WORK REQUEST: Print out each entry below in full, exactly as given, excluding pictures.
════════
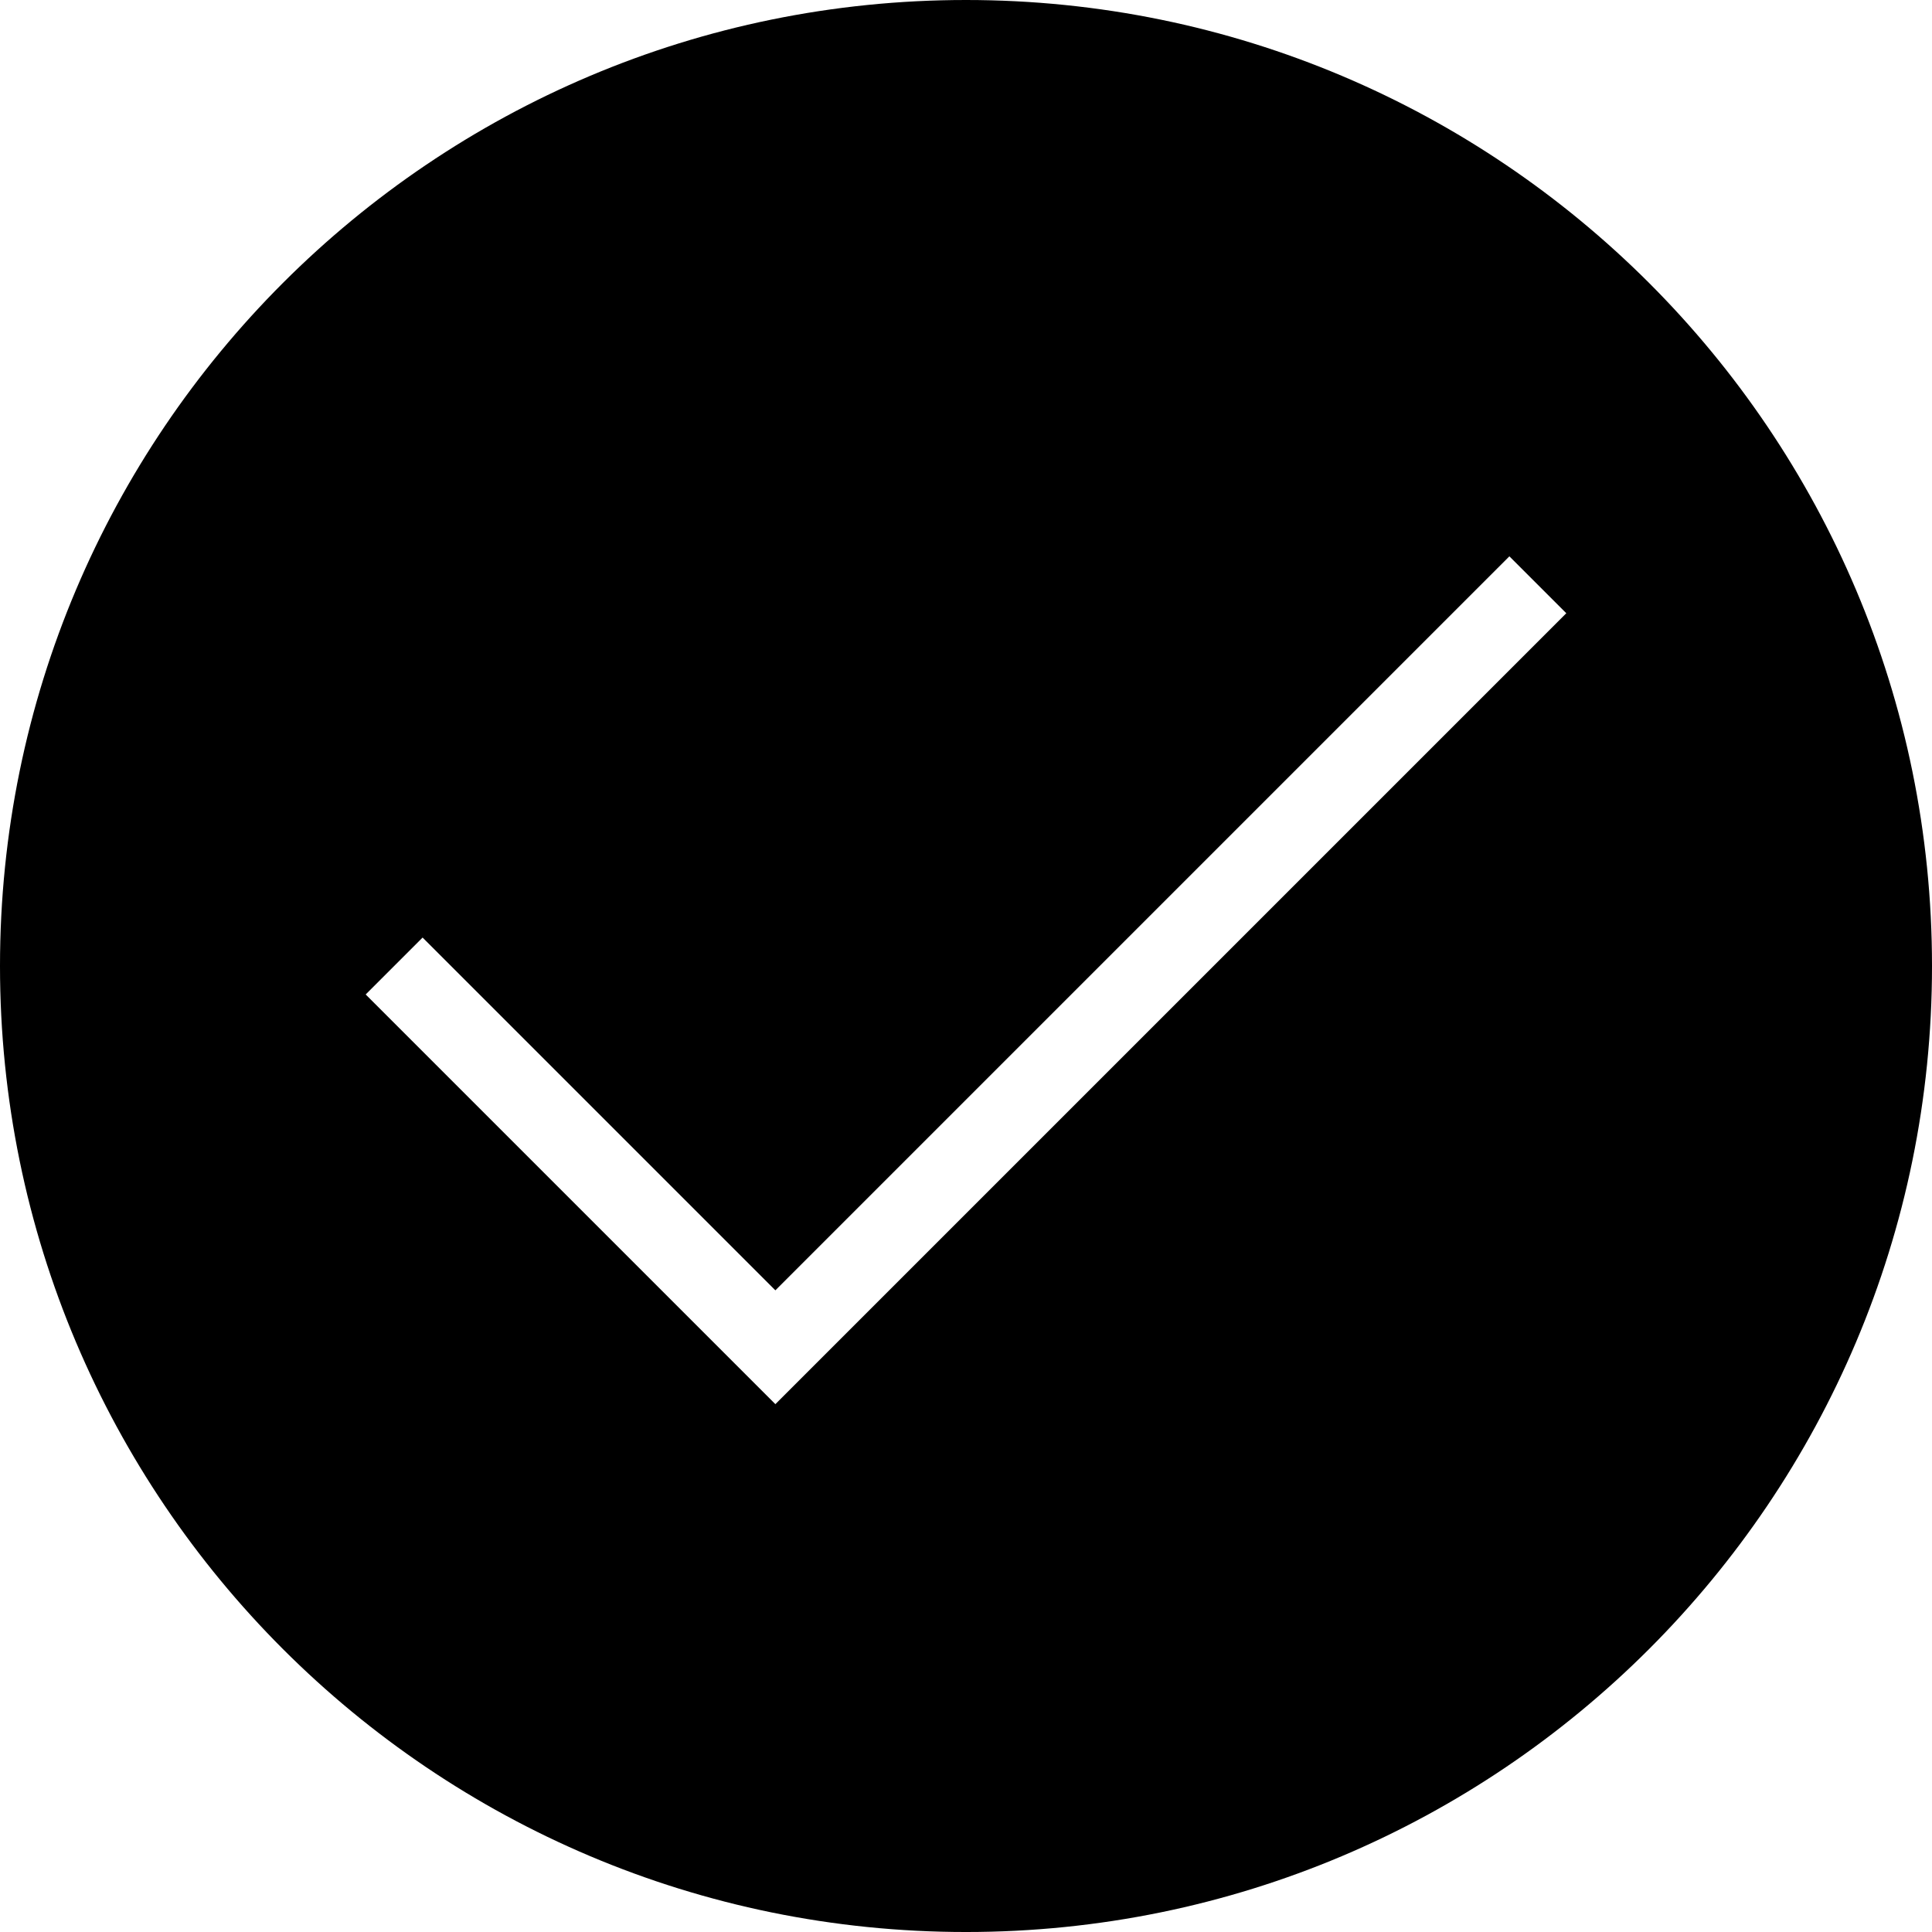 <?xml version="1.0" encoding="iso-8859-1"?>
<!-- Uploaded to: SVG Repo, www.svgrepo.com, Generator: SVG Repo Mixer Tools -->
<svg fill="#000000" height="800px" width="800px" version="1.1" id="Layer_1" xmlns="http://www.w3.org/2000/svg" xmlns:xlink="http://www.w3.org/1999/xlink" 
	 viewBox="0 0 472.615 472.615" xml:space="preserve">
<g>
	<g>
		<path d="M236.308,0C105.799,0,0,105.798,0,236.308c0,130.507,105.799,236.308,236.308,236.308
			c130.509,0,236.308-105.801,236.308-236.308C472.615,105.798,366.816,0,236.308,0z M189.676,343.493L89.455,243.272l13.923-13.923
			l86.298,86.299l179.557-179.558l13.923,13.923L189.676,343.493z"/>
	</g>
</g>
</svg>
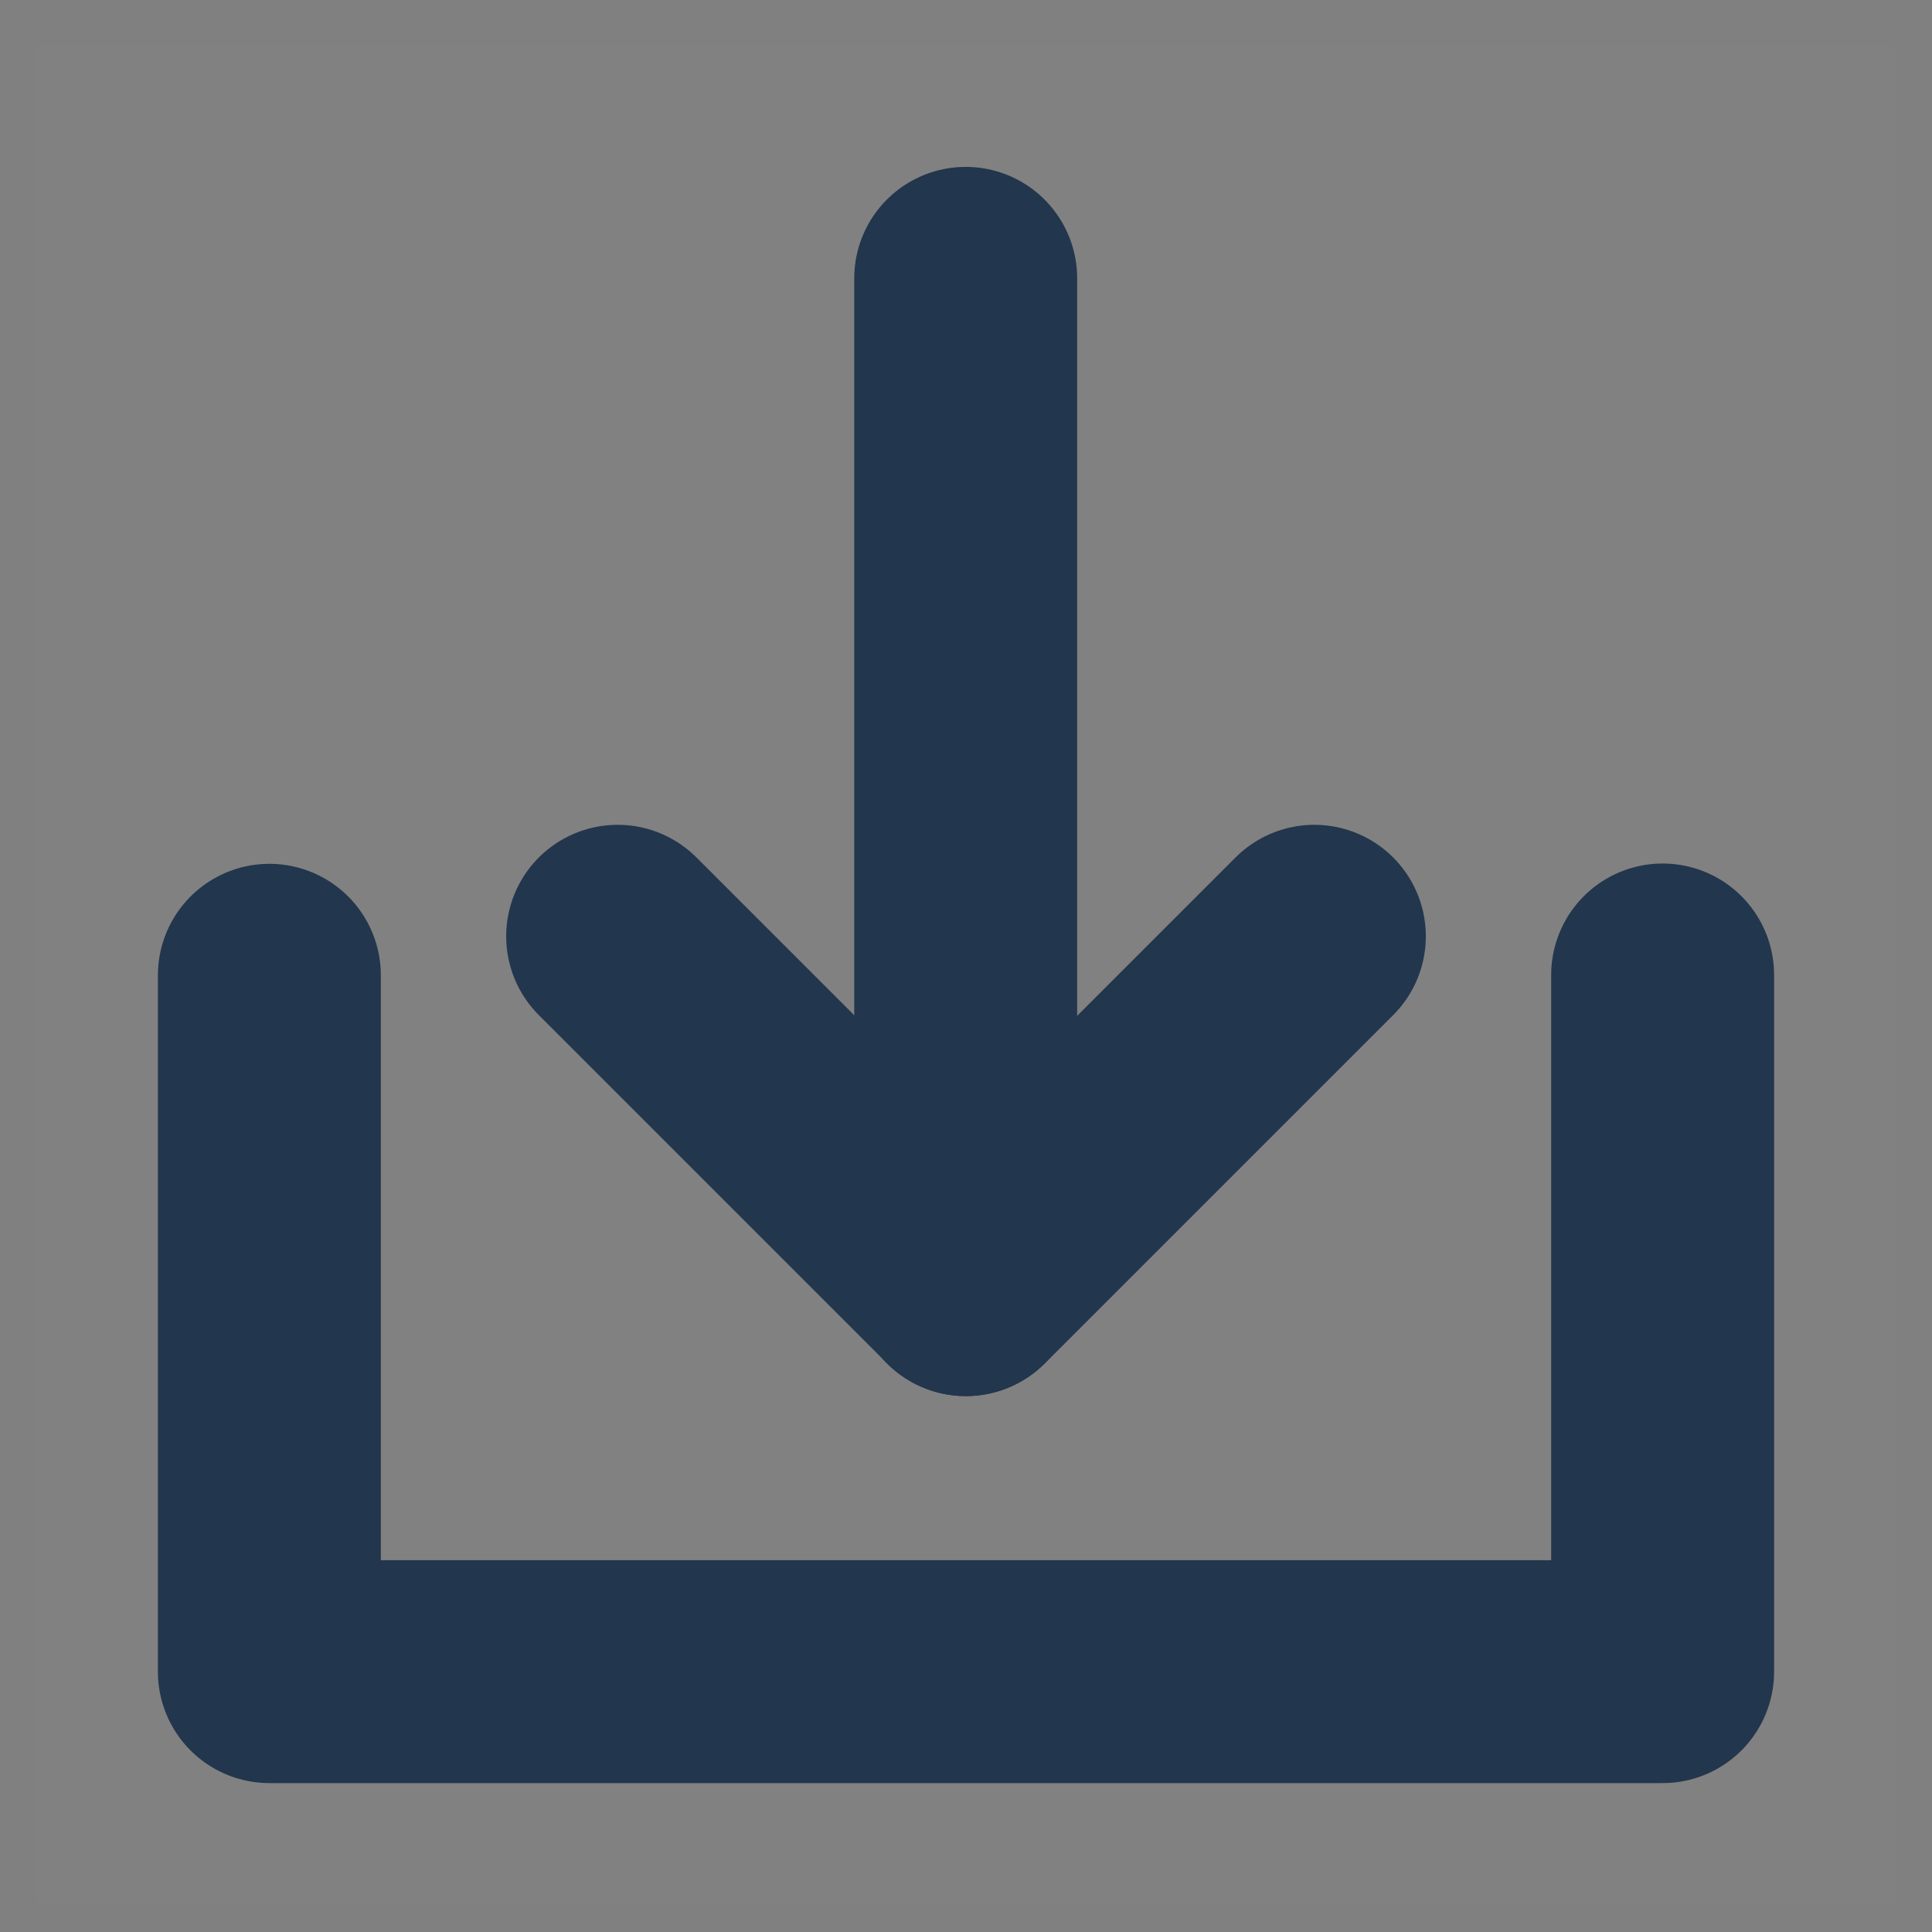 <svg width="26" height="26" viewBox="0 0 26 26" fill="none" xmlns="http://www.w3.org/2000/svg">
<rect x="0" y="0" width="26" height="26" fill="#808080" stroke="none"/>
<path d="M0.5 0.621H25.5V25.621H0.5V0.621Z" fill="white" fill-opacity="0.01"/>
<path d="M3.625 13.125V22.496H22.375V13.121" stroke="#22364D" stroke-width="3" stroke-linecap="round" stroke-linejoin="round"/>
<path d="M17.688 12.6L13 17.288L8.312 12.6" stroke="#22364D" stroke-width="3" stroke-linecap="round" stroke-linejoin="round"/>
<path d="M12.996 3.746V17.288" stroke="#22364D" stroke-width="3" stroke-linecap="round" stroke-linejoin="round"/>
</svg>
════════
SOLUTION:
 <?xml version="1.0" encoding="iso-8859-1"?>
<!-- Uploaded to: SVG Repo, www.svgrepo.com, Generator: SVG Repo Mixer Tools -->
<svg fill="#000000" height="800px" width="800px" version="1.1" id="Layer_1" xmlns="http://www.w3.org/2000/svg" xmlns:xlink="http://www.w3.org/1999/xlink" 
	 viewBox="0 0 472.615 472.615" xml:space="preserve">
<g>
	<g>
		<path d="M236.308,0C105.799,0,0,105.798,0,236.308c0,130.507,105.799,236.308,236.308,236.308
			c130.509,0,236.308-105.801,236.308-236.308C472.615,105.798,366.816,0,236.308,0z M189.676,343.493L89.455,243.272l13.923-13.923
			l86.298,86.299l179.557-179.558l13.923,13.923L189.676,343.493z"/>
	</g>
</g>
</svg>
 <svg width="26" height="26" viewBox="0 0 26 26" fill="none" xmlns="http://www.w3.org/2000/svg">
<rect x="0" y="0" width="26" height="26" fill="#808080" stroke="none"/>
<path d="M0.5 0.621H25.5V25.621H0.5V0.621Z" fill="white" fill-opacity="0.01"/>
<path d="M3.625 13.125V22.496H22.375V13.121" stroke="#22364D" stroke-width="3" stroke-linecap="round" stroke-linejoin="round"/>
<path d="M17.688 12.6L13 17.288L8.312 12.6" stroke="#22364D" stroke-width="3" stroke-linecap="round" stroke-linejoin="round"/>
<path d="M12.996 3.746V17.288" stroke="#22364D" stroke-width="3" stroke-linecap="round" stroke-linejoin="round"/>
</svg>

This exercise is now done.